*Problem to work on*
Write out exactly, please, every line from the beginning of the entries to the line holding "<!DOCTYPE svg PUBLIC", and no pictures.

*Materials provided*
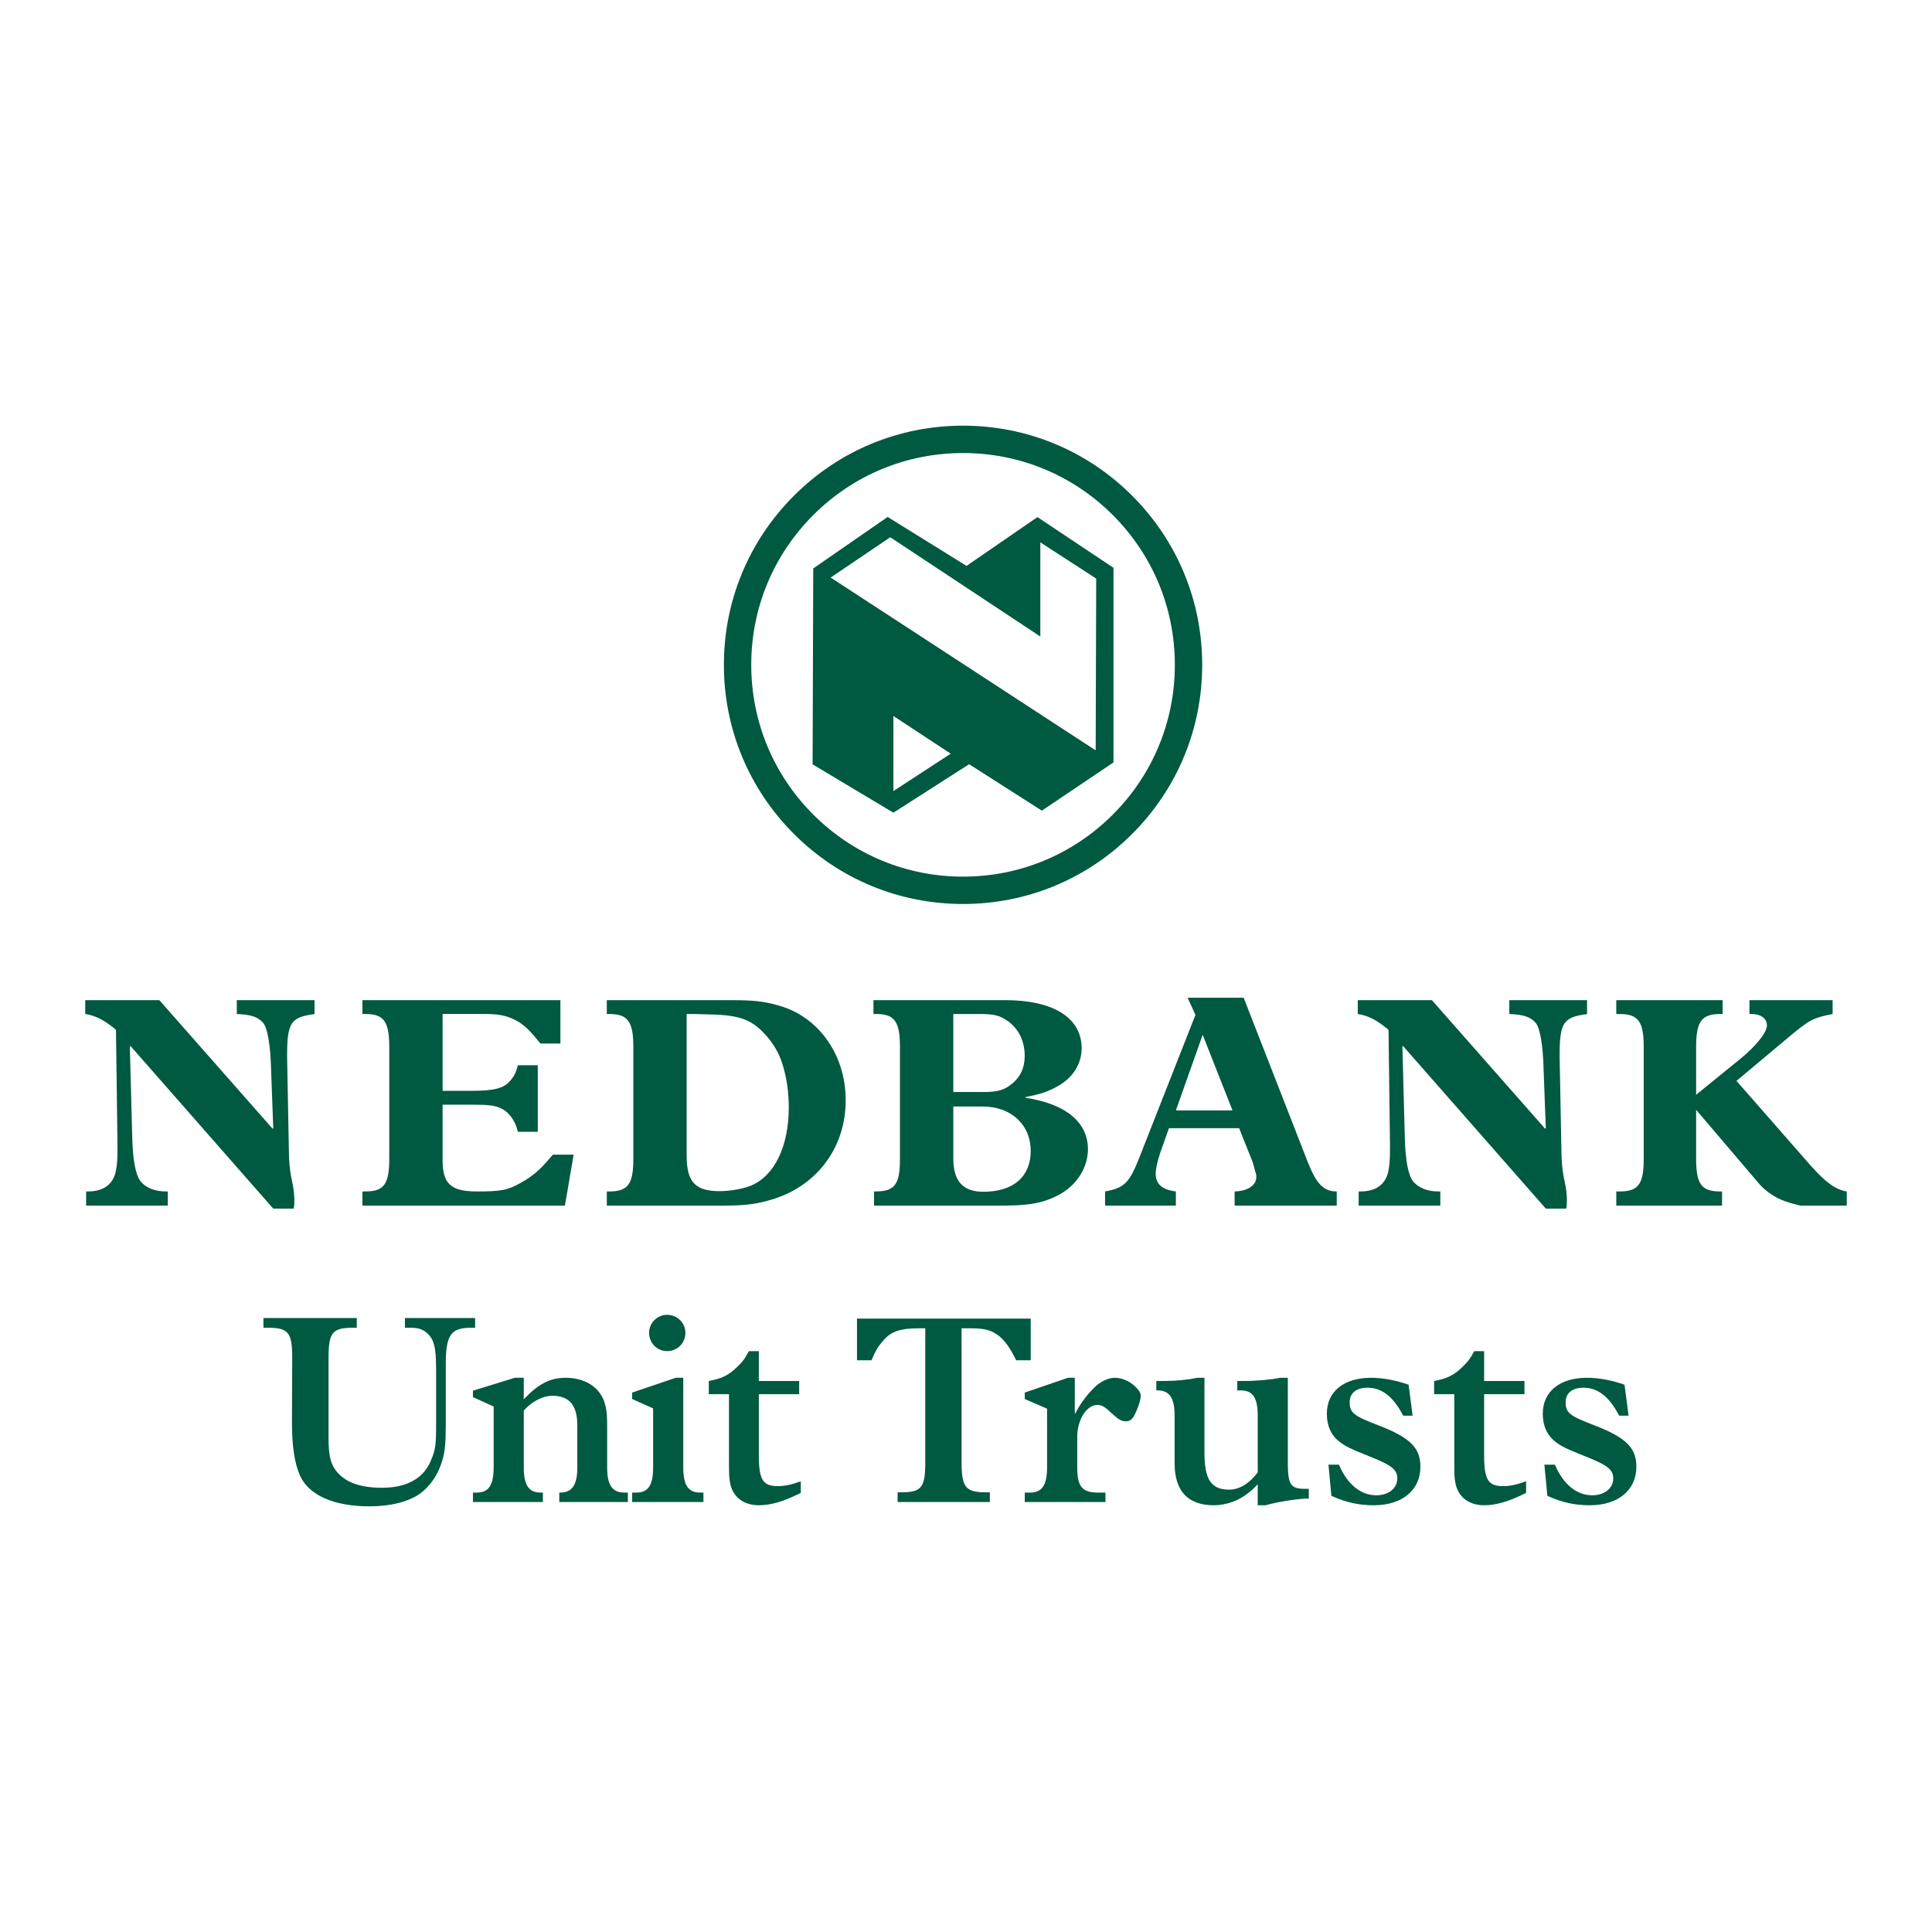 <?xml version="1.0" encoding="utf-8"?>
<!-- Generator: Adobe Illustrator 13.0.0, SVG Export Plug-In . SVG Version: 6.00 Build 14948)  -->
<!DOCTYPE svg PUBLIC "-//W3C//DTD SVG 1.0//EN" "http://www.w3.org/TR/2001/REC-SVG-20010904/DTD/svg10.dtd">
<svg version="1.0" id="Layer_1" xmlns="http://www.w3.org/2000/svg" xmlns:xlink="http://www.w3.org/1999/xlink" x="0px" y="0px"
	 width="192.756px" height="192.756px" viewBox="0 0 192.756 192.756" enable-background="new 0 0 192.756 192.756"
	 xml:space="preserve">
<g>
	<polygon fill-rule="evenodd" clip-rule="evenodd" fill="#FFFFFF" points="0,0 192.756,0 192.756,192.756 0,192.756 0,0 	"/>
	<path fill-rule="evenodd" clip-rule="evenodd" fill="#005941" d="M16.741,118.871h-0.21c-1.083,0-1.955-0.359-2.494-0.991
		c-0.513-0.664-0.783-2.104-0.844-4.449l-0.239-9.018l0.06-0.06l14.247,16.23h2.044c0.06-0.358,0.06-0.51,0.06-0.871
		c0-0.481-0.06-1.021-0.148-1.472l-0.182-0.903c-0.12-0.602-0.21-1.593-0.21-2.345l-0.18-9.528v-0.18
		c0-3.187,0.362-3.788,2.585-4.087c0.031,0,0.091,0,0.151-0.031v-1.382h-7.755v1.382c1.442,0.06,2.132,0.3,2.645,0.901
		c0.421,0.541,0.721,2.193,0.781,4.778l0.21,5.712l-0.06,0.061L15.897,99.785H8.504v1.382c0.992,0.15,1.833,0.57,2.947,1.474
		l0.12,0.119l0.149,11.363v0.361c0,1.17-0.029,1.742-0.18,2.435c-0.3,1.291-1.263,1.952-2.765,1.952H8.593v1.414h8.148V118.871
		L16.741,118.871z"/>
	<path fill-rule="evenodd" clip-rule="evenodd" fill="#005941" d="M55.911,99.785h-19.75v1.382h0.302
		c1.832,0,2.374,0.752,2.374,3.277v11.181c0,2.525-0.542,3.246-2.374,3.246h-0.302v1.414h20.2l0.872-5.082h-2.075l-0.21,0.242
		c-1.083,1.291-1.835,1.924-2.976,2.554c-1.293,0.753-2.014,0.872-4.388,0.872c-2.614,0-3.426-0.752-3.426-3.155v-5.503h2.855
		c1.593,0,2.254,0.062,2.824,0.303c0.872,0.33,1.564,1.233,1.833,2.404h1.984v-6.643H51.67c-0.208,0.78-0.33,1.022-0.749,1.533
		c-0.662,0.781-1.594,1.022-3.939,1.022h-2.824v-7.666h4.207c1.233,0,1.923,0.12,2.645,0.422c0.963,0.391,1.625,0.932,2.708,2.283
		l0.208,0.241h1.986V99.785L55.911,99.785z"/>
	<path fill-rule="evenodd" clip-rule="evenodd" fill="#005941" d="M60.542,99.785v1.382h0.24c1.864,0,2.405,0.752,2.405,3.277
		v11.181c0,2.525-0.541,3.246-2.405,3.246h-0.24v1.414h10.551c2.943,0.028,3.996-0.091,5.469-0.481
		c4.75-1.234,7.814-5.139,7.814-10.041c0-3.545-1.653-6.703-4.417-8.445c-0.721-0.452-1.564-0.812-2.465-1.051
		c-1.293-0.362-2.346-0.481-4.508-0.481H60.542L60.542,99.785z M68.507,101.167h0.781l0.992,0.031
		c3.275,0.028,4.568,0.419,5.951,1.893c0.843,0.872,1.473,1.924,1.832,3.066c0.422,1.352,0.633,2.796,0.633,4.329
		c0,3.876-1.414,6.792-3.728,7.784c-0.752,0.33-2.104,0.572-3.186,0.572c-2.435,0-3.275-0.935-3.275-3.549V101.167L68.507,101.167z"
		/>
	<path fill-rule="evenodd" clip-rule="evenodd" fill="#005941" d="M87.144,99.785v1.382h0.271c1.833,0,2.374,0.752,2.374,3.277
		v11.181c0,2.554-0.51,3.246-2.465,3.246h-0.12v1.414h12.204c3.275,0.028,4.66-0.242,6.253-1.083
		c1.744-0.932,2.884-2.705,2.884-4.537c0-2.708-2.223-4.541-6.252-5.142v-0.06c1.624-0.331,2.163-0.511,3.218-1.084
		c1.532-0.84,2.405-2.253,2.405-3.787c0-3.035-2.796-4.808-7.635-4.808H87.144L87.144,99.785z M95.11,108.953v-7.786h2.613
		c1.505,0,2.047,0.15,2.887,0.752c1.053,0.781,1.623,1.984,1.623,3.427c0,1.171-0.391,2.014-1.172,2.704
		c-0.812,0.692-1.474,0.903-2.976,0.903H95.11L95.11,108.953z M95.11,110.396h2.916c2.855,0,4.808,1.804,4.808,4.446
		c0,2.557-1.744,4.061-4.717,4.061c-2.046,0-3.006-1.054-3.006-3.337V110.396L95.11,110.396z"/>
	<path fill-rule="evenodd" clip-rule="evenodd" fill="#005941" d="M123.628,112.559l1.354,3.397
		c0.029,0.091,0.089,0.271,0.148,0.541c0.183,0.602,0.213,0.69,0.213,0.93c0,0.844-0.873,1.416-2.165,1.444v1.414h10.189v-1.414
		c-1.294,0-2.015-0.721-2.885-2.915l-6.401-16.411h-5.592l0.78,1.713l-5.531,14.067c-1.052,2.703-1.531,3.187-3.485,3.546v1.414
		h7.062v-1.414c-1.38-0.179-2.013-0.721-2.013-1.804c0-0.422,0.18-1.233,0.42-1.952l0.903-2.557H123.628L123.628,112.559z
		 M122.967,110.786h-5.651l2.676-7.544L122.967,110.786L122.967,110.786z"/>
	<path fill-rule="evenodd" clip-rule="evenodd" fill="#005941" d="M143.704,118.871h-0.213c-1.081,0-1.953-0.359-2.494-0.991
		c-0.511-0.664-0.78-2.104-0.841-4.449l-0.239-9.018l0.057-0.06l14.251,16.23h2.043c0.06-0.358,0.06-0.51,0.06-0.871
		c0-0.481-0.06-1.021-0.15-1.472l-0.183-0.903c-0.117-0.602-0.208-1.593-0.208-2.345l-0.182-9.528v-0.18
		c0-3.187,0.36-3.788,2.584-4.087c0.031,0,0.091,0,0.151-0.031v-1.382h-7.755v1.382c1.442,0.06,2.135,0.3,2.645,0.901
		c0.422,0.541,0.724,2.193,0.781,4.778l0.214,5.712l-0.061,0.061L142.86,99.785h-7.395v1.382c0.992,0.15,1.835,0.57,2.946,1.474
		l0.122,0.119l0.148,11.363v0.361c0,1.17-0.031,1.742-0.18,2.435c-0.302,1.291-1.263,1.952-2.765,1.952h-0.182v1.414h8.147V118.871
		L143.704,118.871z"/>
	<path fill-rule="evenodd" clip-rule="evenodd" fill="#005941" d="M174.544,101.167h0.211c0.933,0,1.531,0.45,1.531,1.143
		c0,0.69-1.08,2.044-2.585,3.275l-4.478,3.639v-4.779c0-2.525,0.541-3.277,2.405-3.277h0.239v-1.382h-10.61v1.382h0.333
		c1.861,0,2.404,0.752,2.404,3.277v11.181c0,2.525-0.543,3.246-2.404,3.246h-0.333v1.414h10.551v-1.414h-0.18
		c-1.864,0-2.405-0.721-2.405-3.246v-4.899l6.222,7.303c0.481,0.572,1.102,1.081,1.962,1.528c0.819,0.426,2.254,0.729,2.254,0.729
		h4.591v-1.414c-1.111-0.179-2.104-0.903-3.577-2.556l-7.425-8.477l5.02-4.207c2.257-1.895,2.588-2.074,4.571-2.465v-1.382h-8.297
		V101.167L174.544,101.167z"/>
	<path fill-rule="evenodd" clip-rule="evenodd" fill="#005941" d="M74.952,66.329c0-5.645,2.197-10.951,6.188-14.942
		c3.994-3.991,9.297-6.188,14.944-6.188c5.644,0,10.951,2.197,14.942,6.188c3.991,3.992,6.188,9.298,6.188,14.942
		s-2.197,10.951-6.188,14.942s-9.298,6.191-14.942,6.191c-5.647,0-10.951-2.2-14.944-6.191
		C77.149,77.279,74.952,71.973,74.952,66.329L74.952,66.329z M72.223,66.329c0,6.373,2.482,12.367,6.988,16.873
		c4.506,4.507,10.498,6.989,16.873,6.989c6.373,0,12.364-2.482,16.871-6.989c4.507-4.506,6.988-10.5,6.988-16.873
		c0-6.373-2.481-12.365-6.988-16.871c-4.507-4.506-10.498-6.989-16.871-6.989c-6.375,0-12.367,2.482-16.873,6.989
		C74.706,53.964,72.223,59.956,72.223,66.329L72.223,66.329z"/>
	<path fill-rule="evenodd" clip-rule="evenodd" fill="#005941" d="M96.432,56.46l7.074-4.871l7.585,5.062v19.417l-7.146,4.811
		l-7.256-4.635l-7.554,4.839l-8.062-4.823l0.065-19.546l7.424-5.139L96.432,56.46L96.432,56.46z M88.82,53.6l-5.946,4.022
		l26.441,17.242l0.054-17.139l-5.575-3.613v9.393L88.82,53.6L88.82,53.6z M94.853,75.194l-5.719-3.758v7.489L94.853,75.194
		L94.853,75.194z"/>
	<path fill-rule="evenodd" clip-rule="evenodd" fill="#005941" d="M35.595,131.502v0.968h-0.376c-2.065,0-2.441,0.481-2.441,3.004
		v7.971c0,1.581,0.16,2.415,0.618,3.111c0.857,1.261,2.386,1.879,4.722,1.879c2.468,0,4.159-0.939,4.882-2.738
		c0.458-1.1,0.51-1.556,0.51-3.594v-5.447c0-2.281-0.215-3.086-0.965-3.704c-0.429-0.348-0.832-0.481-1.584-0.481h-0.563v-0.968
		h7.002v0.968h-0.429c-1.986,0-2.496,0.723-2.496,3.648v6.037c0,1.852-0.079,2.684-0.376,3.649c-0.4,1.341-1.205,2.496-2.199,3.219
		c-1.152,0.805-2.926,1.263-5.043,1.263c-3.544,0-6.038-1.102-6.924-3.06c-0.536-1.207-0.805-2.898-0.805-5.287l0.026-6.466
		c0-2.522-0.376-3.004-2.415-3.004h-0.456v-0.968H35.595L35.595,131.502z"/>
	<path fill-rule="evenodd" clip-rule="evenodd" fill="#005941" d="M52.257,139.606c1.45-1.528,2.631-2.146,4.159-2.146
		c1.931,0,3.38,0.913,3.891,2.44c0.215,0.725,0.269,1.155,0.269,2.523v3.97c0,1.772,0.51,2.522,1.717,2.522h0.35v0.939h-6.842
		v-0.939h0.079c1.208,0,1.718-0.75,1.718-2.522v-4.186c0-2.013-0.806-2.951-2.497-2.951c-0.937,0-2.039,0.565-2.844,1.476v5.661
		c0,1.772,0.484,2.522,1.692,2.522h0.215v0.939h-6.979v-0.939h0.376c1.208,0,1.691-0.75,1.691-2.522v-6.063l-2.067-0.939v-0.643
		l4.188-1.288h0.883V139.606L52.257,139.606z"/>
	<path fill-rule="evenodd" clip-rule="evenodd" fill="#005941" d="M68.17,146.394c0,1.772,0.481,2.522,1.689,2.522h0.323v0.939
		h-7.11v-0.939h0.402c1.206,0,1.689-0.75,1.689-2.522v-5.875l-2.091-0.938v-0.645l4.345-1.476h0.753V146.394L68.17,146.394z
		 M66.56,131.181c1.018,0,1.823,0.805,1.823,1.797c0,1.021-0.805,1.825-1.823,1.825c-0.994,0-1.799-0.805-1.799-1.825
		C64.761,131.985,65.565,131.181,66.56,131.181L66.56,131.181z"/>
	<path fill-rule="evenodd" clip-rule="evenodd" fill="#005941" d="M75.709,145.188c0,2.441,0.402,3.083,1.878,3.083
		c0.697,0,1.342-0.132,2.308-0.481v1.152l-0.268,0.135c-1.532,0.751-2.765,1.102-3.917,1.102c-1.557,0-2.631-0.86-2.873-2.254
		c-0.105-0.537-0.105-0.913-0.105-2.308v-6.521h-2.015v-1.315c1.289-0.241,1.96-0.562,2.791-1.367
		c0.618-0.59,0.805-0.857,1.208-1.61h0.994v2.978h4.024v1.315h-4.024V145.188L75.709,145.188z"/>
	<path fill-rule="evenodd" clip-rule="evenodd" fill="#005941" d="M95.938,145.886c0,2.521,0.402,3.004,2.47,3.004h0.35v0.966
		h-9.204v-0.966h0.347c2.042,0,2.415-0.483,2.415-3.004v-13.363h-0.537c-2.039,0-2.925,0.32-3.757,1.341
		c-0.51,0.618-0.668,0.913-1.073,1.853h-1.447v-4.159h17.333v4.159h-1.45c-0.696-1.449-1.394-2.334-2.228-2.765
		c-0.589-0.321-1.207-0.429-2.468-0.429h-0.752V145.886L95.938,145.886z"/>
	<path fill-rule="evenodd" clip-rule="evenodd" fill="#005941" d="M107.236,141.026h0.053c0.429-0.909,1.155-1.875,1.931-2.628
		c0.566-0.562,1.371-0.938,1.987-0.938c0.859,0,1.77,0.455,2.359,1.207c0.163,0.213,0.244,0.376,0.244,0.616
		c0,0.431-0.323,1.342-0.671,1.986c-0.216,0.375-0.457,0.536-0.806,0.536c-0.431,0-0.726-0.161-1.478-0.857
		c-0.615-0.592-0.937-0.779-1.365-0.779c-1.074,0-2.013,1.476-2.013,3.167v3.058c0,1.933,0.481,2.522,2.117,2.522h0.698v0.939h-8.05
		v-0.939h0.537c1.181,0,1.69-0.75,1.69-2.522v-5.849l-2.228-0.965v-0.645l4.321-1.476h0.671V141.026L107.236,141.026z"/>
	<path fill-rule="evenodd" clip-rule="evenodd" fill="#005941" d="M128.486,145.912c0,2.199,0.269,2.63,1.718,2.63h0.376v0.966
		c-1.047,0-3.085,0.32-4.319,0.671h-0.778v-2.094c-0.484,0.511-0.645,0.645-0.994,0.912c-0.939,0.75-2.201,1.182-3.381,1.182
		c-2.602,0-3.917-1.423-3.917-4.188v-4.749c0-1.77-0.51-2.522-1.69-2.522h-0.135v-0.939h0.699c1.287,0,2.387-0.107,3.381-0.32h0.722
		v7.46c0,2.71,0.673,3.701,2.47,3.701c1.021,0,2.012-0.618,2.846-1.718v-5.661c0-1.77-0.484-2.522-1.691-2.522h-0.347v-0.939h0.614
		c1.289,0,2.845-0.134,3.649-0.32h0.778V145.912L128.486,145.912z"/>
	<path fill-rule="evenodd" clip-rule="evenodd" fill="#005941" d="M140.937,141.242h-0.941c-0.989-1.904-2.117-2.79-3.566-2.79
		c-1.103,0-1.772,0.536-1.772,1.448c0,1.048,0.404,1.369,2.871,2.308c3.139,1.207,4.186,2.228,4.186,4.133
		c0,2.333-1.822,3.838-4.641,3.838c-1.502,0-2.762-0.269-4.24-0.938l-0.294-3.112h1.044c0.834,1.957,2.176,3.057,3.73,3.057
		c1.21,0,2.094-0.697,2.094-1.663c0-0.886-0.508-1.315-2.738-2.201c-2.062-0.831-2.387-0.992-3.028-1.474
		c-0.834-0.645-1.263-1.583-1.263-2.791c0-2.228,1.689-3.596,4.428-3.596c1.179,0,2.547,0.269,3.73,0.697L140.937,141.242
		L140.937,141.242z"/>
	<path fill-rule="evenodd" clip-rule="evenodd" fill="#005941" d="M148.071,145.188c0,2.441,0.403,3.083,1.881,3.083
		c0.697,0,1.342-0.132,2.308-0.481v1.152l-0.269,0.135c-1.531,0.751-2.765,1.102-3.92,1.102c-1.555,0-2.628-0.86-2.87-2.254
		c-0.107-0.537-0.107-0.913-0.107-2.308v-6.521h-2.012v-1.315c1.288-0.241,1.959-0.562,2.791-1.367
		c0.617-0.59,0.805-0.857,1.207-1.61h0.991v2.978h4.025v1.315h-4.025V145.188L148.071,145.188z"/>
	<path fill-rule="evenodd" clip-rule="evenodd" fill="#005941" d="M162.481,141.242h-0.938c-0.994-1.904-2.12-2.79-3.569-2.79
		c-1.101,0-1.771,0.536-1.771,1.448c0,1.048,0.403,1.369,2.871,2.308c3.141,1.207,4.187,2.228,4.187,4.133
		c0,2.333-1.825,3.838-4.643,3.838c-1.502,0-2.765-0.269-4.237-0.938l-0.298-3.112h1.047c0.832,1.957,2.174,3.057,3.73,3.057
		c1.208,0,2.094-0.697,2.094-1.663c0-0.886-0.51-1.315-2.738-2.201c-2.064-0.831-2.388-0.992-3.032-1.474
		c-0.829-0.645-1.261-1.583-1.261-2.791c0-2.228,1.691-3.596,4.43-3.596c1.179,0,2.547,0.269,3.728,0.697L162.481,141.242
		L162.481,141.242z"/>
</g>
</svg>

*Solved problem*
 <?xml version="1.0" encoding="utf-8"?>
<!-- Generator: Adobe Illustrator 13.0.0, SVG Export Plug-In . SVG Version: 6.00 Build 14948)  -->
<!DOCTYPE svg PUBLIC "-//W3C//DTD SVG 1.0//EN" "http://www.w3.org/TR/2001/REC-SVG-20010904/DTD/svg10.dtd">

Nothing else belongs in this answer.